The Sudoku craze added another chapter in its phenomenal development last weekend when the gripping number puzzle made its debut as a spectator sport at its inaugural world championships in Italy.
Jana Tylova, a 31-year-old accountant from the Czech Republic, was crowned the queen of Sudoku on Saturday after beating off the challenge of two Americans in a frenetic final round of the two-day event which drew 85 contestants from 22 countries.
But it was the manner of her victory, as she hastily scrawled numbers on a flip chart in front of a room full of tense supporters and spectators, which struck Wayne Gould, the jovial New Zealander known as Suduko's "guru" since transforming the ancient puzzle into a worldwide craze.
Watching people think doesn't suggest a spectator sport with lasting appeal, but Gould sees the potential of the flip charts, which he had never seen used before in Sudoku.
One of the Americans, Thomas Snyder, found the unaccustomed attention a little offputting.
"It's something new that I have not done. It was a little distracting standing up in public and having all those photographers trying to get you from every angle, from the front, from behind. etc."
Gould's advice is that he should get used to it, as the Sudoku craze is here to stay: "I can see the day when video cameras could be fixed to the top of the flip charts.
"It doesn't really suggest itself as a spectator sport, but look at darts," he said, referring to top viewer ratings in Britain for televised darts tournaments.

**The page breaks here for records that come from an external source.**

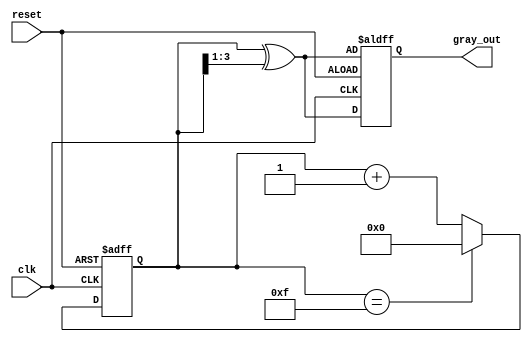
module gray_code_counter #(parameter n = 4) (
    input wire clk,
    input wire reset,
    output reg [n-1:0] gray_out
);

    reg [n-1:0] binary_count;

    // Gray code conversion function
    function [n-1:0] binary_to_gray;
        input [n-1:0] binary;
        begin
            binary_to_gray = binary ^ (binary >> 1);
        end
    endfunction

    always @(posedge clk or posedge reset) begin
        if (reset) begin
            // Initialize to 0 in Gray code
            binary_count <= 0;
            gray_out <= binary_to_gray(binary_count);
        end else begin
            // Increment binary count
            binary_count <= binary_count + 1;
            // Wrap around if maximum value is reached
            if (binary_count == (1 << n) - 1) begin
                binary_count <= 0;
            end
            // Update gray output
            gray_out <= binary_to_gray(binary_count);
        end
    end

endmodule
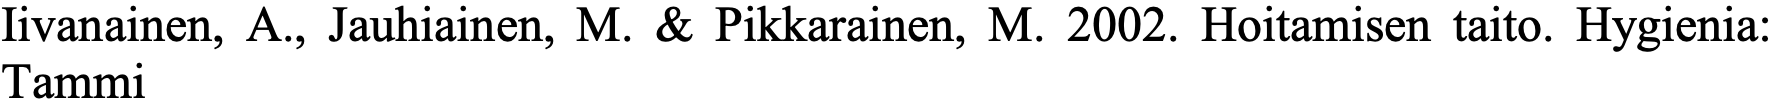
Iivanainen, A., Jauhiainen, M. & Pikkarainen, M. 2002. Hoitamisen taito. Hygienia: Tammi
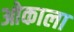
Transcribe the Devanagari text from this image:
ओकाला
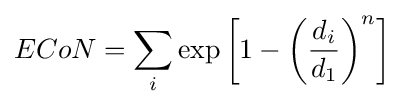
ECoN=\sum _{i}\exp \left[1-\left({\frac {d_{i}}{d_{1}}}\right)^{n}\right]
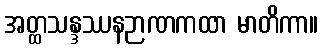
အတ္ထသန္ဒဿနဉာဏကထာ မာတိကာ။
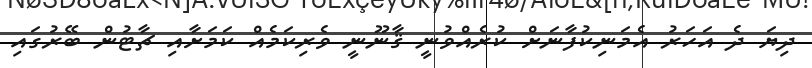
ދިޔަ ދެ އަހަރު އެމަނިކުފާނަށް ކުރެއްވުނީ ޤާނޫނީ ވެރިކަމެއް ކަމަށާއި ޗާޓުން ބޭރުގައި
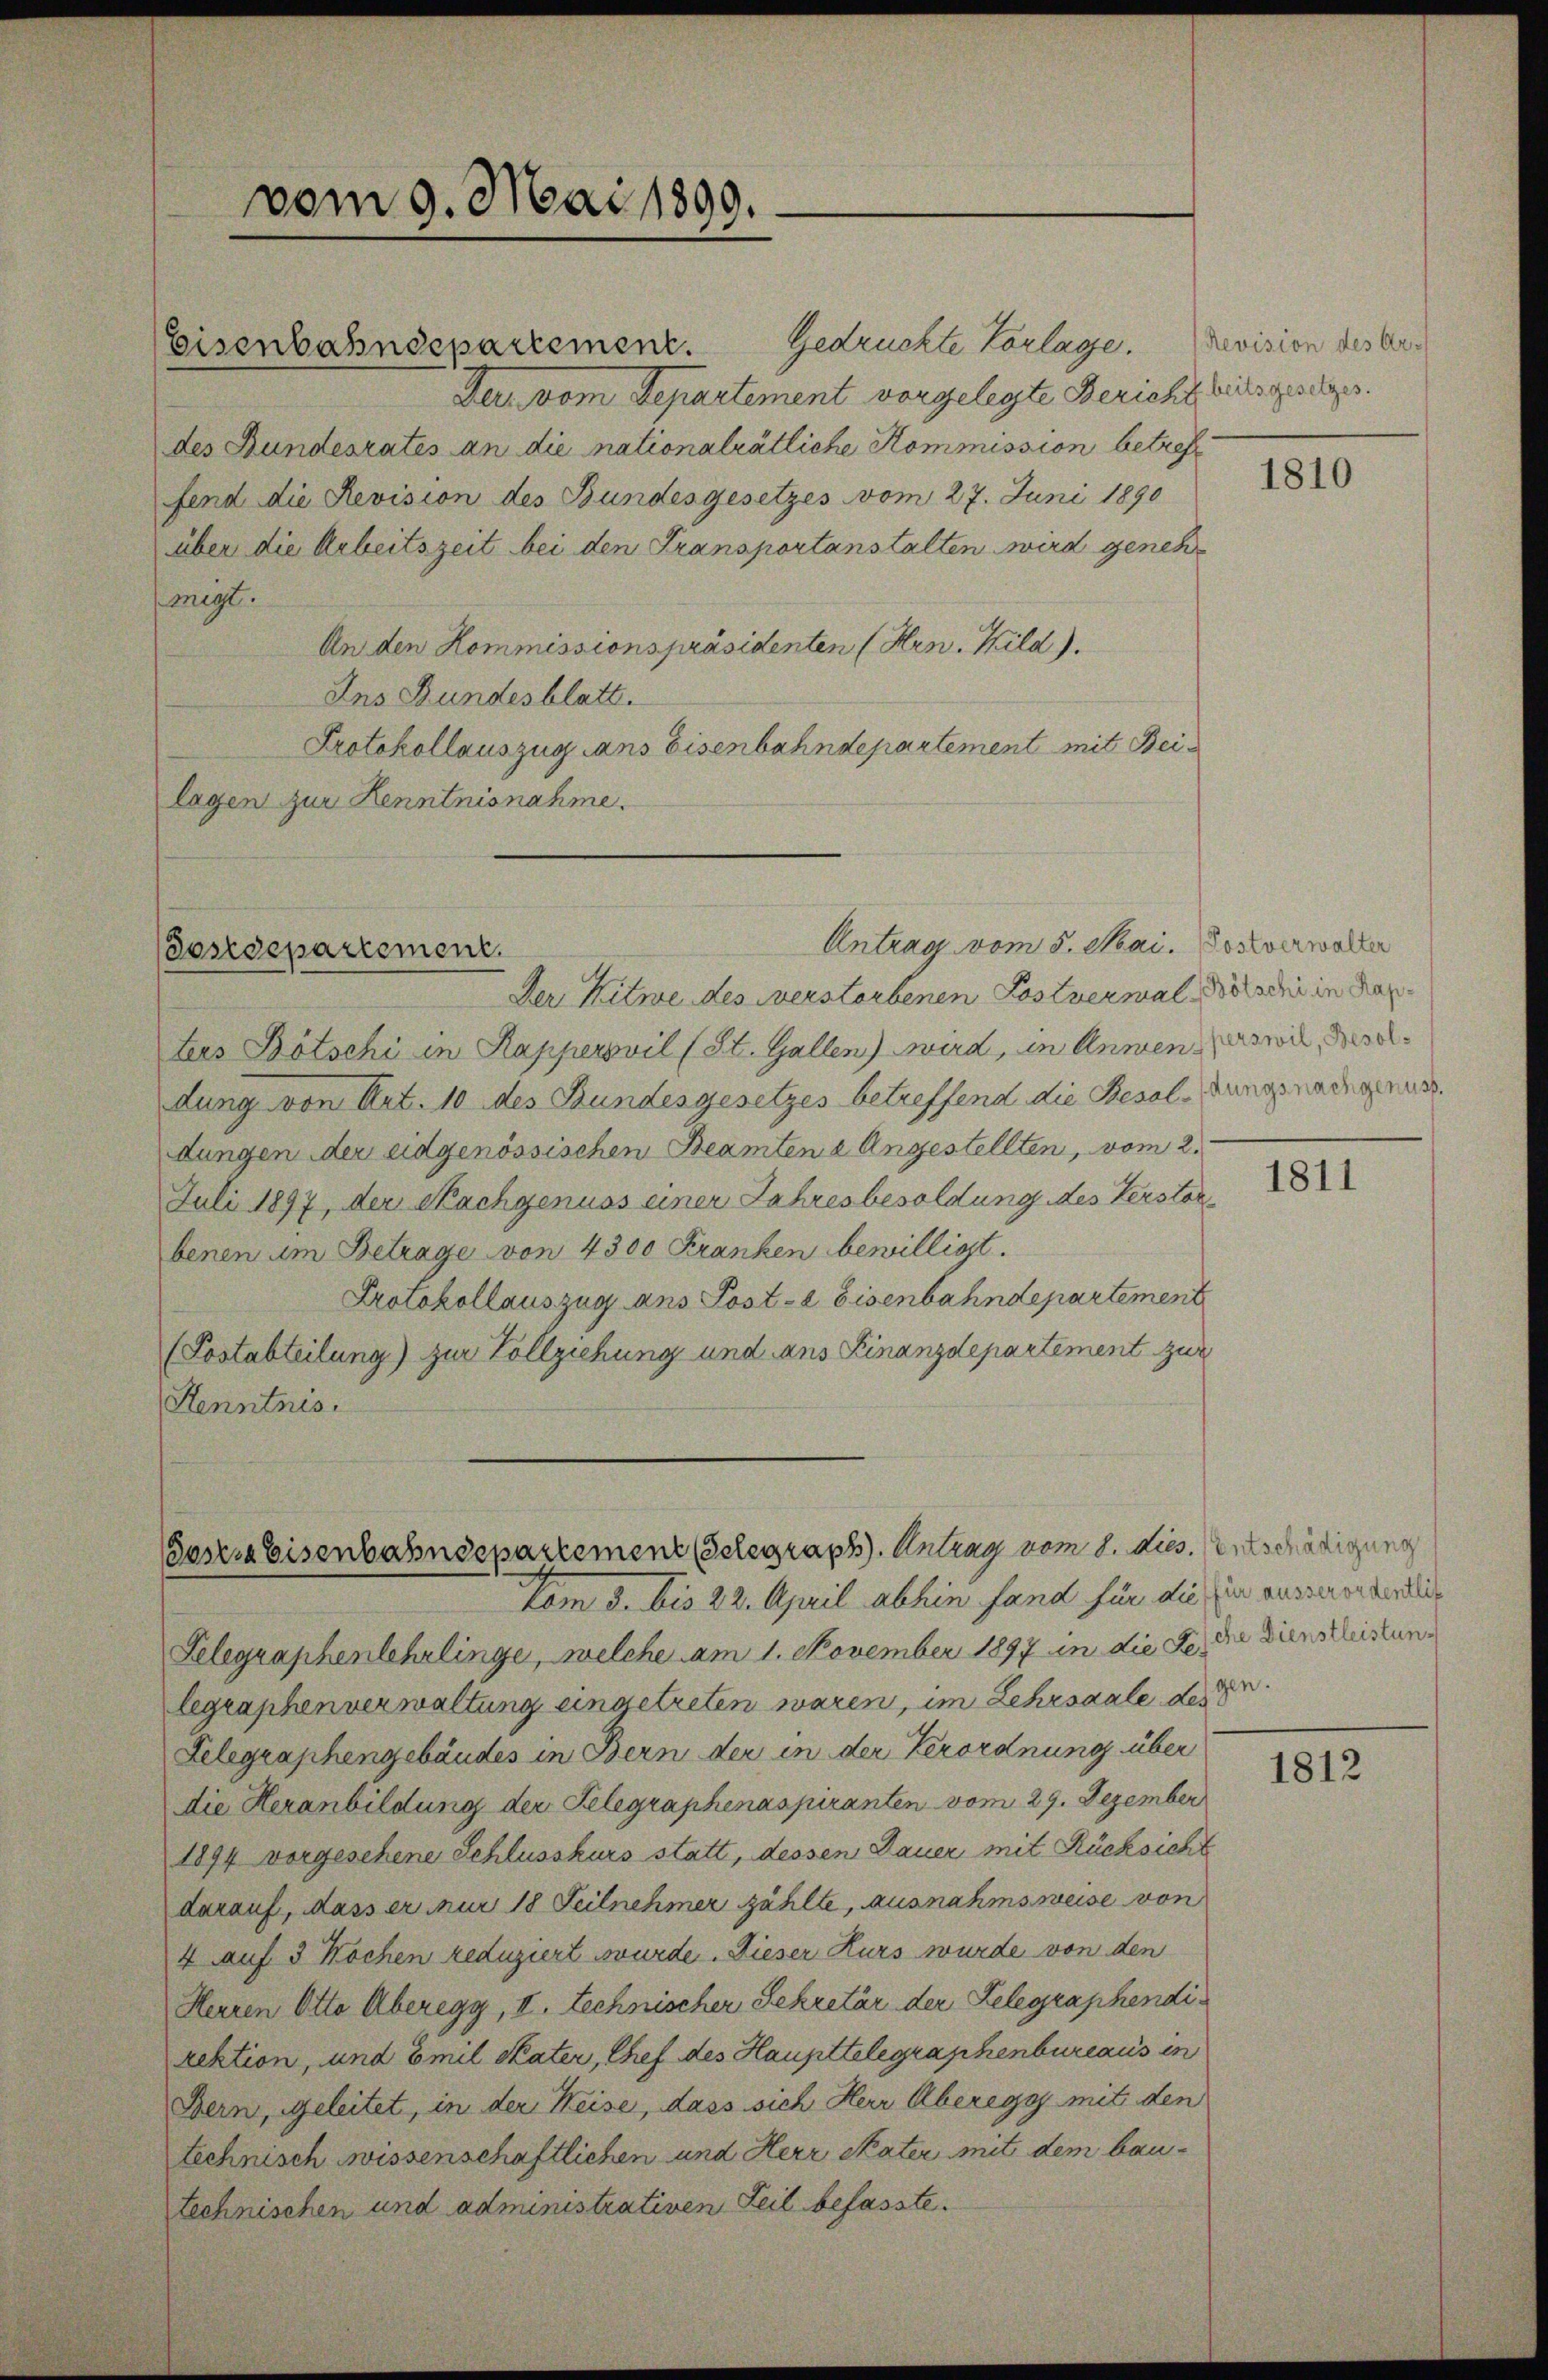
vom 9. Mai 1890.

Eisenbahndepartement. Gedrückte Vorlage. Revision des Ar¬
Der vom Departement vorgelegte Bericht sichtsgesetzes.
des Bundesrates an die nationalrätliche Kommission betreff
fend die Revision des Bundesgesetzes vom 27. Juni 1890
über die Arbeitszeit bei den Transportanstalten wird genehmigt.
An den Kommissionspräsidenten (Hrn. Wild).
Ins Bundesblatt.
Protokollauszug dans Eisenbahndepartement mit Beilagen zur Kenntnisnahme.

esedepartement.

Der Kitwe des verstorbenen Postvermal, Botschi in Kap
ters Bötschi in Kapperswil (St. Gallen) wird, in Anwendeswil, Geseldung von Art. 10 des Bundesgesetzes betreffend die Besoldungsnachgenuss.
dungen der eidgenössischen Beamtene Angestellten, vom 2.
Juli 1897, der Nachgenuss einer Jahresbesoldung des Verstorbenen um Betrage von 4300 Franken bewilligt.
Protokollauszug ans Post-a Eisenbahndepartement
(Postabteilung) zur Vollziehung und ans Finanzdepartement zur
Kenntnis.

Antrag vom 5. Mai. Postverwalter

Bester Eisenbahndepartement Gelegraph. Antrag vom 8. dies. Entschädigung
vom 5. bis 22. April abhin fand für die in aussererbindliche

Telegraphenlehrlinge, welche am 1. November 1897 in die Sei die Dienstleistung
legraphenverwaltung eingetreten waren, im Lehrsaale der d
Delegraphengebäudes in Bern der in der Verordnung über
die Heranbildung der Gelegraphenaspiranten vom 29. Dezember
1894 vorgesehene Schlusskurs statt, dessen Dauer mit Rücksicht
darauf, dass er nur 18 Teilnehmer zählte, ausnahmsweise von
4 auf 3 Wochen reduziert wurde. Dieser Kurs wurde von den
Herren Otto Überegg, II. Technischer Sekretär der Relegraphendirektion, und Emil Skater, Chef des Haupttelegraphenbureaus in
Bern, geleitet, in der Weise, dass sich Herr Aberegg mit den
technisch wissenschaftlichen und Herr Pater mit dem bautechnischen und administrativen Teil befasste.

1810

1811

1812

"It could be like watching grand masters playing chess, only with more action," he said.
Tylova's victory was something of a surprise as she finished only ninth after the first round -- the only woman in the top 18.
Women made up around 30 percent of the competitors and that ratio held true to the end, when the quiet Eastern European joined the two confident, chatty Americans -- Snyder, a 26-year old chemistry graduate student at Harvard University, and Huang Wei-ha, 30, a software engineer at Google.
"These guys are quite exceptional. They're practically off the planet," Gould said. "I can't begin to understand how they do the puzzles. It's all a bit too stressful and serious for me!"
The three finalists, and many of those they left in their wake, are what World Puzzle Championship inventor Will Shortz calls "top solvers." All are veterans of his annual championship in the US.
The fiendishly difficult puzzles ranged from classic Sudoku -- the familiar newspaper style grid of three-by-three boxes -- to more celebral variations such as mechanical Sudoku and extra-regions Sudoku, all worked out against the clock.
Shy or not, Tylova's life is about to change as the new "sport" in which she excels continues to grow.
According to Gould, a 60-year-old retired judge, the impact of her win will be "huge."
Gould said earlier, before the final, that the victory would impact on the winner "more than he realizes. When he dies they'll put in his obituary that he was the first ever world champion.
"He'll just have to open is mouth and say something stupid and people will think it was clever."
Journalists managed to draw a predictable declaration of gender equality from the new champion.
"There is no difference between men and women and I tried to prove that even in logic, men and women are on the same level," she said to loud cheers.